SCARLET constructed a tree (Fig. 3(D–E)) with a single clade containing all metastatic cells. This is consistent with the copy-number data, since the shared chromosomal losses could have have occurred once in a common ancestor of all metastatic cells. Moreover, this tree suggests that the liver metastasis was the product of monoclonal seeding; i.e., a single cell (or small group of cells) with the same somatic mutations migrated from the primary colon tumor to the metastasis and all metastatic cells descended from the founder cells present in this single migration. This result contradicts previous results (Leung et al. 2017; Zafar et al. 2019) of a more complicated polyclonal seeding of the metastasis. The SCARLET tree contains three mutation losses: in genes FHIT, LRP1B, and LINGO2. Each of these losses is supported by a significant decrease in read depth (Fig. 3(D)), providing evidence that the loci containing these mutations were likely affected by deletions. Notably FHIT and LRP1B are located in fragile sites in the genome (Smith et al. 2006), which are known regions of genomic instability. In addition, the loss of the mutation LINGO2:1 in LINGO2 is further supported by a shift in the variant allele frequency of another mutation, LINGO2:2, in the same gene. Specifically, the variant allele frequency of LINGO2:2 is ≈1 in the metastatic cells (Fig. 3(A)), suggesting that this mutant allele is homozygous, consistent with a deletion or loss of heterozygosity event where the LINGO2:1 mutation was lost.

We examined further the evidence for polyclonal seeding in the initial study of this patient. Leung et al.(Leung et al. 2017) included a statistical analysis of the variant read counts of the four “bridge mutations”, ATP7B, FHIT, APC and CHN1 that occurred between the first and second metastatic branches in the SCITE tree. This analysis showed that mutations in ATP7B and FHIT were present in a subset of primary tumor cells and in the second metastatic branch (detected in 10/13 and 13/13 cells respectively) while being absent in the second metastatic branch (detected in 1/15 and 1/15 cells respectively). Under the infinite sites model used by SCITE, mutation loss is not allowed and thus polyclonal seeding is necessary to explain the absence of these mutations. The same analysis found high uncertainty regarding the placement of mutations in APC and CHN1 and thus these were not cited as evidence for polyclonal seeding.

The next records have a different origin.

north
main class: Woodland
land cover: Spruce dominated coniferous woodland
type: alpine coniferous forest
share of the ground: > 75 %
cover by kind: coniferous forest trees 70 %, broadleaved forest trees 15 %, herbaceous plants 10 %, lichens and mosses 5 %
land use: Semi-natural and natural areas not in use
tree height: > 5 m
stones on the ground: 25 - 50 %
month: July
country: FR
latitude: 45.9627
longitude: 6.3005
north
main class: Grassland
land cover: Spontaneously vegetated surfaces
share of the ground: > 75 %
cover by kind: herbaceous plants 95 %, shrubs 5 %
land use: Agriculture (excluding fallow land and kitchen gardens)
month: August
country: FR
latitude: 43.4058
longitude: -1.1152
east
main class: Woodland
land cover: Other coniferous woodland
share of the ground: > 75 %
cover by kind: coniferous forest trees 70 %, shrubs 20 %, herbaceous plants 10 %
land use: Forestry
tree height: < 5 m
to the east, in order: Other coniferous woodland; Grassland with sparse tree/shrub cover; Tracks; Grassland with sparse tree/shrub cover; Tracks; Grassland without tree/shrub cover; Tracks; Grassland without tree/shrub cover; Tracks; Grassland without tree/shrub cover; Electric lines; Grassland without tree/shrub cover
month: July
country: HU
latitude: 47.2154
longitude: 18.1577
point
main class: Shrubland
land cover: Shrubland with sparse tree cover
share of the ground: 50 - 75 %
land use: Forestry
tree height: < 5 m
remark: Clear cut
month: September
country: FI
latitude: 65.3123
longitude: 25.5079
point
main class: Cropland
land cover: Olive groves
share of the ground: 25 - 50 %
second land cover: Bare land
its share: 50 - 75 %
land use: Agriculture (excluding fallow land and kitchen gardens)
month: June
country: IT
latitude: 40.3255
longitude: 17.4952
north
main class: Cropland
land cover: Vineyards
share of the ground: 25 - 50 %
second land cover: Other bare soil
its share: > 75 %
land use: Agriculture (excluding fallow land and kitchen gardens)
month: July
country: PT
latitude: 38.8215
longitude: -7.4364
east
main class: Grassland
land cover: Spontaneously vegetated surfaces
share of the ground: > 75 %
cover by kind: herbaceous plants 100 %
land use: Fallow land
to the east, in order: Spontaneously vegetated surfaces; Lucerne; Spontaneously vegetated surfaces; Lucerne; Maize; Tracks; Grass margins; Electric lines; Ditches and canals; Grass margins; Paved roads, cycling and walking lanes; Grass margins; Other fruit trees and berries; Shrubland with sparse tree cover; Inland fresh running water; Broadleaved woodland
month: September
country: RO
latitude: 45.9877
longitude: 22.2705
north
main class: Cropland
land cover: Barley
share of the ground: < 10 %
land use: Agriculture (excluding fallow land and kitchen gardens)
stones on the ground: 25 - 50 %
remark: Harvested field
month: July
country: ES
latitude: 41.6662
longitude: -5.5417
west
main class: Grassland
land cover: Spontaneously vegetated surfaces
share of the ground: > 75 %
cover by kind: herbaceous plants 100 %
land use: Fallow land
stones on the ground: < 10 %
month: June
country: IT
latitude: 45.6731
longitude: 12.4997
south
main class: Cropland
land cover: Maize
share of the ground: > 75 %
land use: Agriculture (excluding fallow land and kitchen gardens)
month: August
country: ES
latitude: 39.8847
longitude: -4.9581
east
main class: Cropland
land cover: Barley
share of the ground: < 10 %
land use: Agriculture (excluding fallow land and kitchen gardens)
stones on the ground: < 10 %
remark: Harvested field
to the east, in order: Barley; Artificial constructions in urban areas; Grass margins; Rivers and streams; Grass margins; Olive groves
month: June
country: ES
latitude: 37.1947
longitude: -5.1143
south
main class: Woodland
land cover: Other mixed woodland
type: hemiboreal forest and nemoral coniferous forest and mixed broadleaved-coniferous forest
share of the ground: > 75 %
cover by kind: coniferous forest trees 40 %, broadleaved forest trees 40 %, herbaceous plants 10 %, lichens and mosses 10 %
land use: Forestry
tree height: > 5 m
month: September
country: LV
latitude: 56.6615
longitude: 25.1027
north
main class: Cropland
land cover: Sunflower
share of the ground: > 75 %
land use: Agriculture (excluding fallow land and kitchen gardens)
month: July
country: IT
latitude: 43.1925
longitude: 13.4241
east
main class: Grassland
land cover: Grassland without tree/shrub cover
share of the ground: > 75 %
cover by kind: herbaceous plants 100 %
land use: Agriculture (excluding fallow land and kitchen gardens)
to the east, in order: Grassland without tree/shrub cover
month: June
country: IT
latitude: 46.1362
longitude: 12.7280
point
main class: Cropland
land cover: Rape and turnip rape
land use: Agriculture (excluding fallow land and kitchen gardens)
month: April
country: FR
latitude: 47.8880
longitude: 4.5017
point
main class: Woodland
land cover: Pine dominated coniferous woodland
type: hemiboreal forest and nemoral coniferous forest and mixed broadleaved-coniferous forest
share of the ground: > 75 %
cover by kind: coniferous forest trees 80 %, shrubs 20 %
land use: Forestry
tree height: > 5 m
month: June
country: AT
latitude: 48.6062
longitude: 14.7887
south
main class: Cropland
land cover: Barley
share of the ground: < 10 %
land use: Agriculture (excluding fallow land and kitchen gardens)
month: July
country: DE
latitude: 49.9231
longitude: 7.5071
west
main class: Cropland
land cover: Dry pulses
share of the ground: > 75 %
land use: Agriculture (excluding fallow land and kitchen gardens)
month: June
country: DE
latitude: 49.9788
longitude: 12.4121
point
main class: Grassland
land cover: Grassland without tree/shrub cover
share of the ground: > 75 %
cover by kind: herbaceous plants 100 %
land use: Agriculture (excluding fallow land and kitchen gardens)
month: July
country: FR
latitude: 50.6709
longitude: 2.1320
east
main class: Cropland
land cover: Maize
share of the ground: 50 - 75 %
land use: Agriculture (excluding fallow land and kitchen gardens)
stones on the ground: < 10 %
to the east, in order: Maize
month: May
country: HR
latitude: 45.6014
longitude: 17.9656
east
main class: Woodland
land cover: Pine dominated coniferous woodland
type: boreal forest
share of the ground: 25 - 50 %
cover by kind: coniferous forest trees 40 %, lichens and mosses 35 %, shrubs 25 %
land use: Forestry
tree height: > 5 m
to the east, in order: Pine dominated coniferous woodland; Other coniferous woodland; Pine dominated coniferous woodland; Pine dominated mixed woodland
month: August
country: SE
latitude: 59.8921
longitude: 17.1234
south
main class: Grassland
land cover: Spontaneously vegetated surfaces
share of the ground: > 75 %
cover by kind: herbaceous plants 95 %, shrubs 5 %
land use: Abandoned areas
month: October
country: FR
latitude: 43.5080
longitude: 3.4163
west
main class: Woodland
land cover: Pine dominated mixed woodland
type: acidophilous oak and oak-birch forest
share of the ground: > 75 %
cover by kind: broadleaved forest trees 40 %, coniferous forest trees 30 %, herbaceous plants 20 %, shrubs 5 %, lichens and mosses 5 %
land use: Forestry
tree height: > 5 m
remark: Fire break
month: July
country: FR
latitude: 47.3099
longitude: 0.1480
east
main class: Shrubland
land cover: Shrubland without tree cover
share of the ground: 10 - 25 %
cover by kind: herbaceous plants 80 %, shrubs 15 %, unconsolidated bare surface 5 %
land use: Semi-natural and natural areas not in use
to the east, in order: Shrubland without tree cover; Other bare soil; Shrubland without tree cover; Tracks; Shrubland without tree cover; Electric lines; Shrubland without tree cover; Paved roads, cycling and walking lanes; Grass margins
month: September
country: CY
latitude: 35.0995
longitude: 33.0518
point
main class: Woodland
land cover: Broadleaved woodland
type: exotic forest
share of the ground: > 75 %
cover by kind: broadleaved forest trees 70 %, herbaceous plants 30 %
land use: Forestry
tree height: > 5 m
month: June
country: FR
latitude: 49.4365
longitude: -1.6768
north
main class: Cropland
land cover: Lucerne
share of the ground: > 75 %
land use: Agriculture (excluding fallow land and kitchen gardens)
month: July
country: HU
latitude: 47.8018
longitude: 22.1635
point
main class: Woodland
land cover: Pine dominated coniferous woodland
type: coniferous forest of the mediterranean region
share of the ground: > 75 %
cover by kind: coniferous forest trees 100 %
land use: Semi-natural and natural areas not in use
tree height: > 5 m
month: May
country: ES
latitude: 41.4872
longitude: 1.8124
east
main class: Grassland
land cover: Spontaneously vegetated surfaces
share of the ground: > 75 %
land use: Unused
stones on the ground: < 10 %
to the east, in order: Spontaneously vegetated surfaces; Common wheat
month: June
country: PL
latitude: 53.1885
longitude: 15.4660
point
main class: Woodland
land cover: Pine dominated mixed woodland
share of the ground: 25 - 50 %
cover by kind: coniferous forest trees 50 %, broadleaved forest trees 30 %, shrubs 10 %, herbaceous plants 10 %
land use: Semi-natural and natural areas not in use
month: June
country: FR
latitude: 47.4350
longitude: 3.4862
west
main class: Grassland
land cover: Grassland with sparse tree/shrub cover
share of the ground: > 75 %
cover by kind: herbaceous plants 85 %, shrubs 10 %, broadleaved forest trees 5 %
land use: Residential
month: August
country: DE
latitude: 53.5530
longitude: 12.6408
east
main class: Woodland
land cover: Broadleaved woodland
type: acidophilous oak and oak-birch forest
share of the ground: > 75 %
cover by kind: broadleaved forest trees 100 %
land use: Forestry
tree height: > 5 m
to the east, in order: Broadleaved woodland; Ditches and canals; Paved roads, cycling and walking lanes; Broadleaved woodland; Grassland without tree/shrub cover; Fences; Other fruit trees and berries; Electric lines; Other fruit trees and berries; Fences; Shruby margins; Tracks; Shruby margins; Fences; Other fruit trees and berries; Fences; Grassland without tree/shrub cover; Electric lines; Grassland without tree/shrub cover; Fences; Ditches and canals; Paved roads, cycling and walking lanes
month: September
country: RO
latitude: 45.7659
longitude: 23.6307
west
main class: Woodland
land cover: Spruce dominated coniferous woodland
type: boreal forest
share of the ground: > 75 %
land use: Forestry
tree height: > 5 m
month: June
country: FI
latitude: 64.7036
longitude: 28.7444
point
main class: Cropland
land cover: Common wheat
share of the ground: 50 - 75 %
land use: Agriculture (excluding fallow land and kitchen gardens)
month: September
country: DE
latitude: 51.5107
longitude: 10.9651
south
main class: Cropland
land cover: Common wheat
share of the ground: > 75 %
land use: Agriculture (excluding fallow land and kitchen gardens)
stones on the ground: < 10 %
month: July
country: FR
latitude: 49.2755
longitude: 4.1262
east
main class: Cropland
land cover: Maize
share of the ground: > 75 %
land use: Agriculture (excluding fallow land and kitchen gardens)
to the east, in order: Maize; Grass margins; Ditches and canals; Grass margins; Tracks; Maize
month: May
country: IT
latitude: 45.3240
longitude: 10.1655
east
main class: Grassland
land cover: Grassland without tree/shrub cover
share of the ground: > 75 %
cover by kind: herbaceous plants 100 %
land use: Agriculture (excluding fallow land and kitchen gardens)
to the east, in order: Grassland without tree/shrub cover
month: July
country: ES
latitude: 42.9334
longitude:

The loss-supported model used by SCARLET provides an alternate explanation for the absence of FHIT and ATP7B. SCARLET identifies a supported mutation loss to explain the presence of the mutation in FHIT only in a subset of metastatic cells (M1). This loss is supported by a shift in read depth (p = 0.005) in the 10Mb region containing the locus (Fig 3F). SCARLET does not identify a supported mutation loss to similarly explain ATP7B as we did not observe a significant decrease in read depth for the corresponding locus (p = 0.34). However, this lack of a significant decrease in read depth at the ATP7B locus does not necessarily imply that there was no mutation loss. In particular, because targeted sequencing was performed for only 1000 genes, the copy number data is fairly low resolution and we calculated read depth in 10Mb bins. Thus, we may lack the statistical power to identify a shorter deletion, especially a deletion present in only the 10 metastatic cells with copy number profile M2. In summary, we argue that the sequencing data provides stronger evidence for the phylogeny constructed by SCARLET, which is consistent with both SNV and copy-number data, and supports a more parsimonious explanation of monoclonal seeding of the liver metastasis.

Discussion

Somatic mutations in tumors range across all genomic scales, from single-nucleotide variants (SNVs) through large copy-number aberrations (CNAs). To date, most methods for constructing phylogenies from single-cell DNA sequencing (scDNA-seq) data (Jahn, Kuipers, and Beerenwinkel 2016; Singer et al. 2018; Ross and Markowetz 2016; Zafar et al. 2017; Zafar et al. 2019; El-Kebir 2018; Ciccolella et al. 2018; McPherson et al. 2016; Malikic, Jahn, et al. 2019; Malikic, Mehrabadi, et al. 2019) used only SNVs, ignoring CNAs and thus throwing out important information for phylogenetic inference. Here, we introduced SCARLET, which uses measurements of both SNVs and CNAs to reconstruct tumor phylogenies from scDNA-seq data. SCARLET is based on a loss-supported evolutionary model, which constrains mutation losses to loci containing evidence of a CNA. By using the information about CNAs that is readily available in scDNA-seq data, the loss-supported model has less ambiguity in the phylogeny inference than the Dollo and finite sites models which allow mutation losses to occur anywhere on the tree. In scDNA-seq data, where there is often considerable uncertainty in the mutations present in each cell, this reduction in ambiguity enables more accurate phylogeny inference. On simulated scDNA-seq data, we find that SCARLET outperforms existing methods that do not utilize copy-number data. On targeted scDNA-seq data from a metastatic colorectal cancer patient, we showed that SCARLET found a phylogeny containing three mutation losses. Notably, SCARLET’s tree was both more consistent with the copy-number data and provided a simpler explanation of monoclonal seeding of the liver metastasis, compared to the more complex phylogenies reported previously (Leung et al. 2017; Zafar et al. 2019). Thus, accurate modeling of mutations losses results in different conclusions regarding the migration patterns of metastasis.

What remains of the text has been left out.